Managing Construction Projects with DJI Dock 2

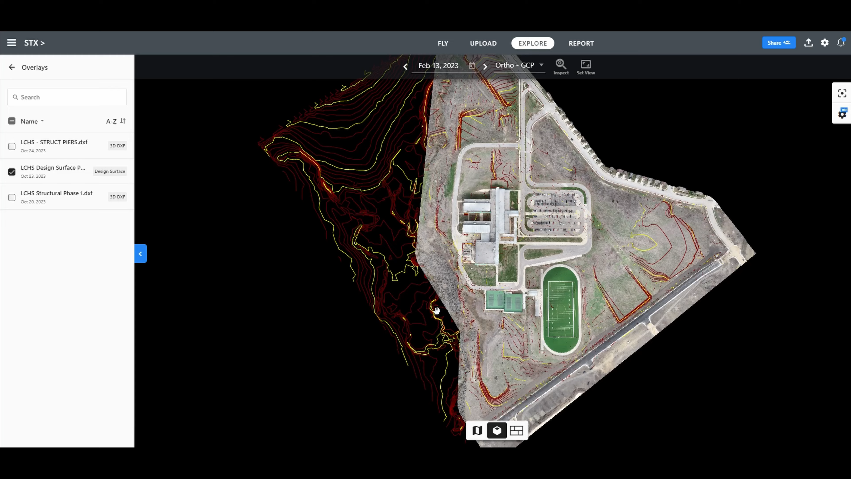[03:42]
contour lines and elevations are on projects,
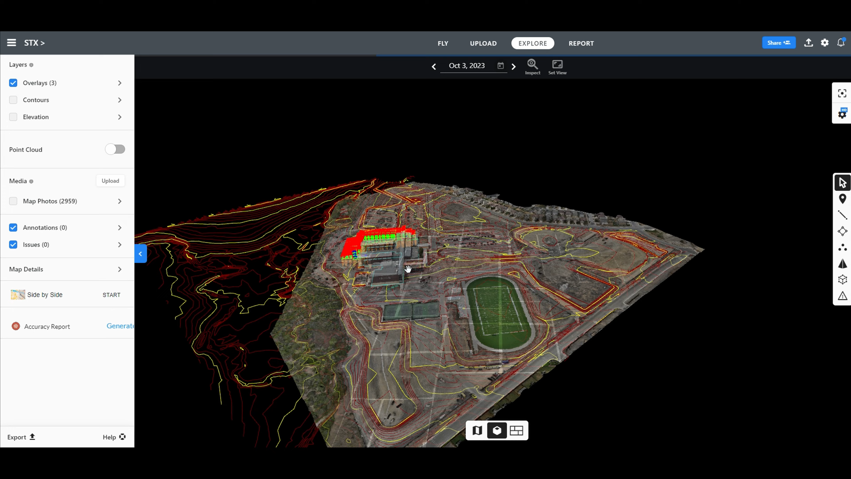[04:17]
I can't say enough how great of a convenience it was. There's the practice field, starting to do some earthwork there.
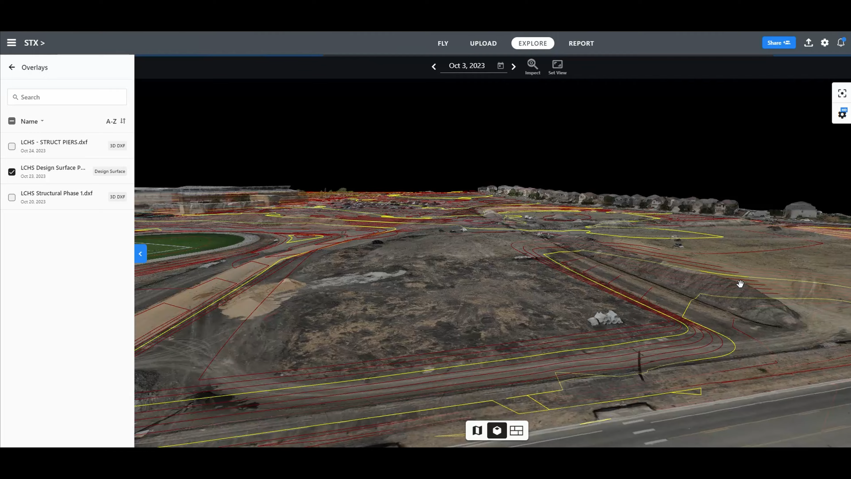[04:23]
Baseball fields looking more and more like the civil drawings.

What the task requires
Repeat the data verbatim, excluding all pictures.

Answer space
Managing Construction Projects with DJI Dock 2

[03:42]
contour lines and elevations are on projects,
[04:17]
I can't say enough how great of a convenience it was. There's the practice field, starting to do some earthwork there.
[04:23]
Baseball fields looking more and more like the civil drawings.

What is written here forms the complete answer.